Some compression formats include checksums.

A checksum helps detect corrupted data.

For example, if one byte in a compressed file changes, decompression may fail with a checksum error.

A checksum is not the same as encryption or authentication.

It can detect accidental corruption.

It does not prove that the data came from a trusted source.

For security, use cryptographic authentication such as a MAC or digital signature.

Compression Is Not Encryption

Compression makes data smaller.

Encryption makes data unreadable without a key.

They solve different problems.

Compressed data may still reveal information.

Encrypted data should hide the contents.

Do not store secrets in compressed files and assume they are protected.

When to Compress

Compression is useful when:

data has repeated patterns

data is large

storage or bandwidth matters

CPU cost is acceptable

data will be read less often than it is stored

Compression may be a poor choice when:

data is already compressed

latency matters more than size

CPU is the bottleneck

files are tiny

the format must support random access

Some formats support block compression for random access, but plain stream compression usually does not.
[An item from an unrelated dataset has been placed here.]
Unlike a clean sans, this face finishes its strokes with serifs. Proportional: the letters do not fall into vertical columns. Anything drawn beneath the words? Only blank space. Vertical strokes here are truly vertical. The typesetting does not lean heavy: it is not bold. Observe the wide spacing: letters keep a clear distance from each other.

What Beginners Should Learn First

Do not start by memorizing every compression API.

Start with the concepts:

compressed data is bytes

decompression can fail

streaming avoids large memory use

compression has speed-size tradeoffs

finalization or flushing matters

untrusted compressed data needs limits

Then learn one specific format, such as gzip or zstd.

The Core Pattern

For small data:

const compressed = try compress(allocator, input);
defer allocator.free(compressed);

const output = try decompress(allocator, compressed);
defer allocator.free(output);

For files:

open input
defer close input

open output
defer close output

while reading chunks:
    compress or decompress
    write result

finish or flush

For safety:

if (decompressed_size > max_size) {
    return error.OutputTooLarge;
}

What You Should Remember

Compression makes data smaller.

Decompression restores the original bytes.

Lossless compression is required for code, text data, archives, databases, and structured files.

Lossy compression is for media where exact bytes are not required.

Compressed data is still byte data.

Compression can fail.

Decompression can fail.

Large files should be processed in chunks.

Always finish or flush compression streams.

Do not trust compressed input blindly.

Compression saves space or bandwidth by spending CPU time.